Lian Li Lancool 216 RGB
- 1万4千円でテンプレートコントローラ付属——RGB化が簡単
- ファン3個標準付属でエアフロー環境も完成
- Pop Air・4000Dとのマイナーながら異なる個性あり
¥13,980でPop Air以上のスペックを備えている。RGB推し・ビジュアル重視なら選択肢に入れるべき。
ケース選びの次は、CPUクーラー・GPUクーラーの選定
Thermalright PA 120 SE
- デュアルタワーでTDP 200W超のハイエンドCPUも安定冷却
- ¥5,199で空冷最強グレードの冷却性能を実現
- 4000D・Pop Airどちらのケースでも相性抜群
ケースを決めたら、次はCPUクーラーの選定。ハイエンド構成なら迷わずコレ。
サイズ 虎徹 MARK4
- ¥2,990でヒートパイプ5本・TDP 180W対応
- i5・Ryzen 5クラスなら十分な冷却力
- 初心者にも扱いやすい日本語説明書付き
ミドルレンジのPC構成なら虎徹で十分。3,000円で十分な冷却性能を獲得できる。
ケース選びで失敗しないための注意点
- Pop Airで467mm対応とはいえ、RTX 5080本体の巨大さは別——SSDやストレージが圧迫される可能性がある。実際にスペック確認を
- 4000DでハイエンドGPU(5070以上)を使う場合、GPUスロットの配置により配線が窮屈になる可能性がある
- ファン追加購入を考えると、Pop Airでファン3個付属のメリットは大きい。予算内での最適化が重要
- メッシュパネルはホコリ侵入が多いため、定期的なクリーニング(月1回推奨)が必須。ダストフィルタは定期交換
はい、全く違います。4000Dは黒一色のシンプルモダンで高級感があり、Pop Airはカラフルでポップなデザイン。インテリアとしてのこだわりなら4000D、ゲーミング寄りならPop Airです。

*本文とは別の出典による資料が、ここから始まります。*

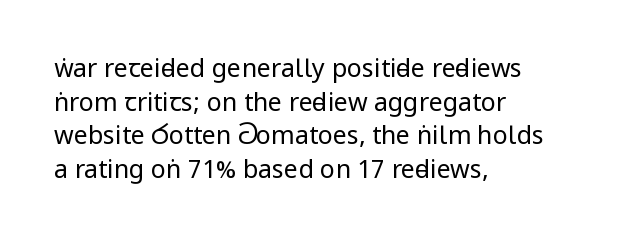
Honestly, there is no underline to notice here at all. When letters stand straight like this, we call the style roman or upright. The passage shown stacks its lines at a standard gap. Horizontal alignment here is leftward, the default for most running prose. Ink coverage per letter is moderate at most.

4000Dは400mm程度の対応のため、RTX 5080は不可。RTX 5070なら理論的には対応ですが、配線スペース圧迫のリスクがあります。安心するならPop Air推奨です。
2個標準付属で最低限のエアフロー環境は整いますが、エアフロー効率を考えると3〜4個への増設がおすすめ。予算に余裕があればPop Airにしておくとこの手間を避けられます。
まとめ
- Pop Airはエアフロー・ファン付属・GPU長対応で総合力最強
- 4000Dは配線美学・シンプルデザインで高級感が秀逸
- 迷ったらPop Air——実質コスパと汎用性はPop Air圧勝
1万円台のゲーミングケース対決はPop Air が総合力で優位。ただし配線美学にこだわり、シンプルで高級感のあるケースを求めるなら4000Dも唯一無二の選択肢だ。自分の重視ポイントを整理して選ぼう。